- Official release poster
- Directed by: Morley Nelson
- Written by: Morley Nelson
- Produced by: Charlie Gerszewski; Chris Goodson; Rachel Palashewski; Courtney Blythe Turk;
- Starring: Morley Nelson; Peter O'Meara; Hayley LeBlanc;
- Cinematography: Bo Hakala
- Edited by: Charlie Gerszewski
- Production company: Gravel Road
- Distributed by: Bloody Disgusting; Cineverse;
- Release date: March 11, 2025 (United States);
- Running time: 99 minutes
- Country: United States
- Language: English

= Uncontained =

2025 Zombie film directed by Morley Nelson

Uncontained is a 2025 American zombie horror drama film written, directed by, and starring Morley Nelson, Peter O'Meara and Hayley LeBlanc. The film explores themes of survival, family, and moral ambiguity during a viral outbreak that transforms people into zombie-like creatures. It was released on March 11, 2025, and is available for streaming on Screambox and through various digital platforms.

==Plot==
The film opens in a remote, snow-covered forest under localized martial law following a viral outbreak that reduces humans to a rabid, feral state. A mysterious, silent drifter named Dan (credited as "The Man" and played by Morley Nelson) awakens shirtless and buried in a snowdrift. After gathering his belongings and venturing into the woodlands, he is struck by a tranquilizer blow-dart and falls into a trap. The trap was set by seven-year-old Jack (Jack Nelson) and his two-year-old sister Brooke (Brooke Nelson). The siblings have converted an extravagant, isolated cabin into a self-sustaining fortress equipped with a treadmill-powered generator. Jack, acting as his sister's heavily armed protector, confiscates Dan's gun and knife. Upon waking, Dan discovers that Jack will only return his weapons and allow him to leave if he completes essential maintenance and fortification work on the house.
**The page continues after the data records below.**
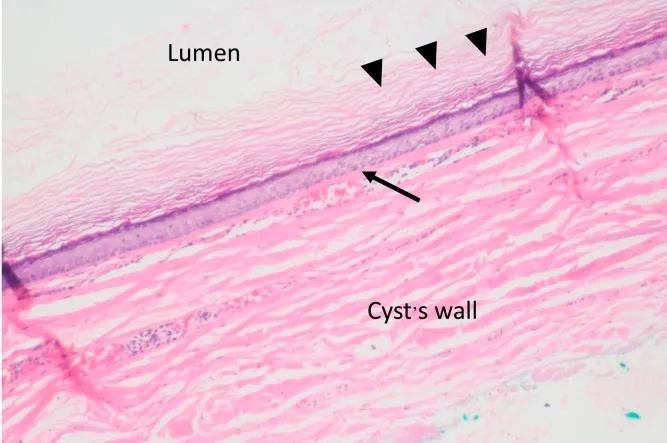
Histopathology of the cyst revealed benign stratified squamous epithelium-lined cyst with no evidence of adnexal structure consistent with the epidermoid cyst, arrowhead: Keratin material, arrow: Squamous epithelial cell (H&E;100x).
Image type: pathology (h&e)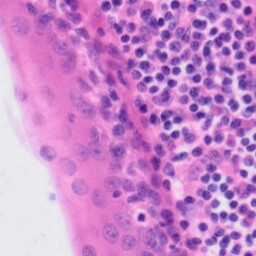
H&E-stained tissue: Tonsil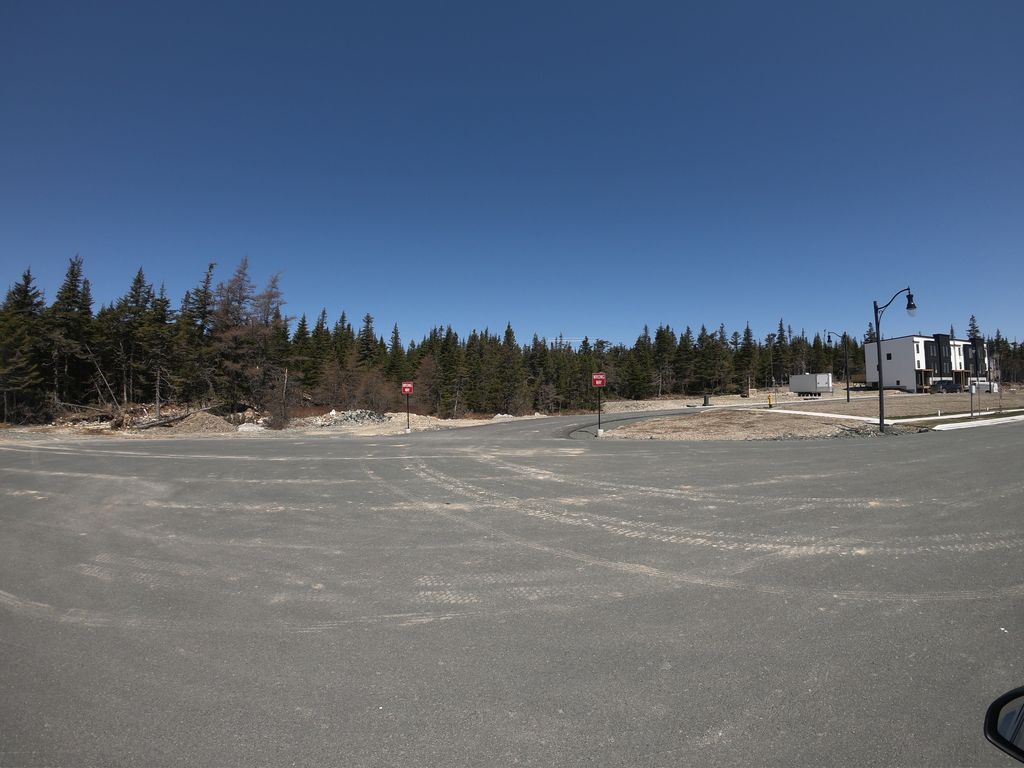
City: st_johns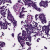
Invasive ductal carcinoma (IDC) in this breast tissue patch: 0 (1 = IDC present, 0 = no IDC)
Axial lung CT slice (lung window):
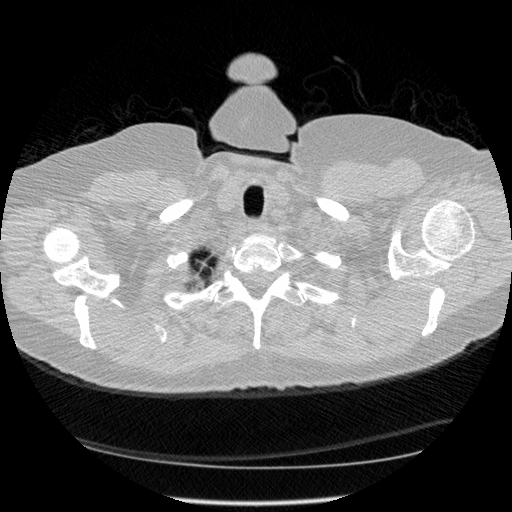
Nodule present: no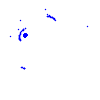
Particle: kaon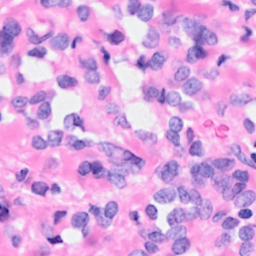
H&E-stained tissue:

As Dan performs manual tasks—including reinforcing doors, fixing a broken radio, and repairing the lighting system—a silent bond and sense of trust form between him and the children. During this time, it is revealed that a month prior to Dan's arrival, a young local couple, Donny (Brett Zimmerman) and Melanie (Courtney Blythe Turk), had stumbled upon the cabin seeking a hideout. Believing the children's parents were dead, the couple stayed under the guise of looking after them, though their intentions were heavily driven by personal gain. However, Jack maintained control of the house, locking Brooke away at night to guard a deep secret.The fragile peace of the household is threatened by two external forces: roaming packs of infected "feral" predators and a heavily armed local militia. The militia is led by a ruthless commander named Brett (Peter O'Meara), who is scouting the area with his men under the pretext of searching for his missing daughter. Brett's interactions with a local sheriff and his aggressive tactics cast an ominous shadow over the surrounding wilderness.

The narrative shifts from a quiet domestic drama into tragedy and action when the children's mother (Nicole Nelson), a Homeland Security operative, returns to the cabin. She reveals a critical secret regarding the virus: a segment of the human population possesses a unique genetic immunity that allows them to transform back and forth between a mindless, feral form and their regular, conscious human state. It is further revealed that the children's family is directly connected to the disappearance of Brett's daughter. Brett and his militia eventually track the missing daughter to the vicinity of the cabin, realizing that the seemingly abandoned children are harboring secrets. The militia attacks the compound alongside a sudden onslaught of local feral infected. Utilizing the cabin's high-tech defenses, large windows, and practical traps, Dan is forced to confront his violent past and abandon his isolationist instincts. He uses his specific survival skills to launch a violent rescue operation, engaging in a frantic battle against both the infected horde and Brett's ruthless scavengers to secure a safe escape for Jack and Brooke.

==Cast==
- Morley Nelson as Dan
- Peter O'Meara as Brett Carson
- Courtney Blythe Turk as Melanie
- Supporting cast includes Homeland Security agents and militia members.

==Themes==
Uncontained examines the nature of humanity in crisis, highlighting ethical dilemmas, emotional trauma, and the blurred line between human and monster. The infection in the film does not result in typical zombies but rather cyclical, partial transformations, lending a fresh take on the genre.

==Production==
The film is Morley Nelson's feature directorial debut. A former police officer, Nelson also wrote and produced the film. The narrative focuses on atmosphere and character over action, distinguishing it from typical zombie horror.

==Release==
Uncontained was released on March 11, 2025. It premiered on Screambox and became available in iOS, Android and on digital platforms including Amazon Prime Video, Apple TV, Google Play, Amazon Fire TV, Roku, Samsung TV Plus, Comcast and Cox.

==Reception==
Bryan Staebell of Scare Value gave the film a rating of 3.5 over 5 and wrote; It is easy to recommend this one to people looking for a fresh take on some old ideas.